**Source data:**
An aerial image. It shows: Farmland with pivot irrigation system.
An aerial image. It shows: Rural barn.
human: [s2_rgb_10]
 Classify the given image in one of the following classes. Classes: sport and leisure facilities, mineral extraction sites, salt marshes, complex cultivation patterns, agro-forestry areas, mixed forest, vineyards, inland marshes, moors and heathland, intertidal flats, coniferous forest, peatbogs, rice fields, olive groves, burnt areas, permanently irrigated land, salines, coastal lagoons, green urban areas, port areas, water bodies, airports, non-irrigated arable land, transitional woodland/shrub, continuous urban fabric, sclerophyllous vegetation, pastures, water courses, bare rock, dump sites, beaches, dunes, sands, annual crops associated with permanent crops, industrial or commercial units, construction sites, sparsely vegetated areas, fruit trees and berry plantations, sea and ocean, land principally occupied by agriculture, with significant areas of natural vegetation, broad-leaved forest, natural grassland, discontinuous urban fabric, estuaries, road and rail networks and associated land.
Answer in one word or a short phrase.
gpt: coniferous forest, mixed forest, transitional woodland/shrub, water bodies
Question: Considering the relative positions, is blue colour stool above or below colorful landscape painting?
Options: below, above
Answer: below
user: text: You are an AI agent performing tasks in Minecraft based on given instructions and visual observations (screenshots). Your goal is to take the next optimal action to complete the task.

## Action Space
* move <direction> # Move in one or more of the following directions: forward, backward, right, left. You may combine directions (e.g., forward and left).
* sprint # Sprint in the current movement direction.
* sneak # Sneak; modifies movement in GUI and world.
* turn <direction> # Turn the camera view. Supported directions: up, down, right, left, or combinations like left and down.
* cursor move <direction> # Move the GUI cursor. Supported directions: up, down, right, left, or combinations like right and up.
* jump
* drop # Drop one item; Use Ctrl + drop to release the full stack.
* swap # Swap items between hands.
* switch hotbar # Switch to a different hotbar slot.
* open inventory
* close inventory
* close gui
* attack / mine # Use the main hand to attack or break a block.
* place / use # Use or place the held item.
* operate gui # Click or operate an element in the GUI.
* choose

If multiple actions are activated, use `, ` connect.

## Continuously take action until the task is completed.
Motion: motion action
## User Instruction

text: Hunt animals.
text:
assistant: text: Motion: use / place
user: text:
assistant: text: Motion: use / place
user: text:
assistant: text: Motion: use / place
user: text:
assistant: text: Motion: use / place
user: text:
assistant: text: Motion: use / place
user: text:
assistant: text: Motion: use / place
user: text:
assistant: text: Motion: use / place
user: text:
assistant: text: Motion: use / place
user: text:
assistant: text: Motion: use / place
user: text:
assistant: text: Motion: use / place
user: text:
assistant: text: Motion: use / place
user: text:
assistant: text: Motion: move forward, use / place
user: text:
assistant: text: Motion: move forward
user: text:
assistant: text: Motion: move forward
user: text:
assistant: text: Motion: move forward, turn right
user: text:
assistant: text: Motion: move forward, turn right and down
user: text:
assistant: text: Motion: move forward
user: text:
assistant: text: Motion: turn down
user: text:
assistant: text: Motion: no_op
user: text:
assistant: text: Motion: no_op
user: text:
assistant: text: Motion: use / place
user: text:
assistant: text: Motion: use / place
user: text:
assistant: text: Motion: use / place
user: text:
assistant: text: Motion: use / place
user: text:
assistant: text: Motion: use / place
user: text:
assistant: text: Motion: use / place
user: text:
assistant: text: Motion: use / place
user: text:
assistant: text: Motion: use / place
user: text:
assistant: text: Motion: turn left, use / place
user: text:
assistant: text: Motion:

**Work item:** Retype the entries exactly, including every line.

**Solution to this exercise:**
An aerial image. It shows: Farmland with pivot irrigation system.
An aerial image. It shows: Rural barn.
human: [s2_rgb_10]
 Classify the given image in one of the following classes. Classes: sport and leisure facilities, mineral extraction sites, salt marshes, complex cultivation patterns, agro-forestry areas, mixed forest, vineyards, inland marshes, moors and heathland, intertidal flats, coniferous forest, peatbogs, rice fields, olive groves, burnt areas, permanently irrigated land, salines, coastal lagoons, green urban areas, port areas, water bodies, airports, non-irrigated arable land, transitional woodland/shrub, continuous urban fabric, sclerophyllous vegetation, pastures, water courses, bare rock, dump sites, beaches, dunes, sands, annual crops associated with permanent crops, industrial or commercial units, construction sites, sparsely vegetated areas, fruit trees and berry plantations, sea and ocean, land principally occupied by agriculture, with significant areas of natural vegetation, broad-leaved forest, natural grassland, discontinuous urban fabric, estuaries, road and rail networks and associated land.
Answer in one word or a short phrase.
gpt: coniferous forest, mixed forest, transitional woodland/shrub, water bodies
Question: Considering the relative positions, is blue colour stool above or below colorful landscape painting?
Options: below, above
Answer: below
user: text: You are an AI agent performing tasks in Minecraft based on given instructions and visual observations (screenshots). Your goal is to take the next optimal action to complete the task.

## Action Space
* move <direction> # Move in one or more of the following directions: forward, backward, right, left. You may combine directions (e.g., forward and left).
* sprint # Sprint in the current movement direction.
* sneak # Sneak; modifies movement in GUI and world.
* turn <direction> # Turn the camera view. Supported directions: up, down, right, left, or combinations like left and down.
* cursor move <direction> # Move the GUI cursor. Supported directions: up, down, right, left, or combinations like right and up.
* jump
* drop # Drop one item; Use Ctrl + drop to release the full stack.
* swap # Swap items between hands.
* switch hotbar # Switch to a different hotbar slot.
* open inventory
* close inventory
* close gui
* attack / mine # Use the main hand to attack or break a block.
* place / use # Use or place the held item.
* operate gui # Click or operate an element in the GUI.
* choose

If multiple actions are activated, use `, ` connect.

## Continuously take action until the task is completed.
Motion: motion action
## User Instruction

text: Hunt animals.
text:
assistant: text: Motion: use / place
user: text:
assistant: text: Motion: use / place
user: text:
assistant: text: Motion: use / place
user: text:
assistant: text: Motion: use / place
user: text:
assistant: text: Motion: use / place
user: text:
assistant: text: Motion: use / place
user: text:
assistant: text: Motion: use / place
user: text:
assistant: text: Motion: use / place
user: text:
assistant: text: Motion: use / place
user: text:
assistant: text: Motion: use / place
user: text:
assistant: text: Motion: use / place
user: text:
assistant: text: Motion: move forward, use / place
user: text:
assistant: text: Motion: move forward
user: text:
assistant: text: Motion: move forward
user: text:
assistant: text: Motion: move forward, turn right
user: text:
assistant: text: Motion: move forward, turn right and down
user: text:
assistant: text: Motion: move forward
user: text:
assistant: text: Motion: turn down
user: text:
assistant: text: Motion: no_op
user: text:
assistant: text: Motion: no_op
user: text:
assistant: text: Motion: use / place
user: text:
assistant: text: Motion: use / place
user: text:
assistant: text: Motion: use / place
user: text:
assistant: text: Motion: use / place
user: text:
assistant: text: Motion: use / place
user: text:
assistant: text: Motion: use / place
user: text:
assistant: text: Motion: use / place
user: text:
assistant: text: Motion: use / place
user: text:
assistant: text: Motion: turn left, use / place
user: text:
assistant: text: Motion:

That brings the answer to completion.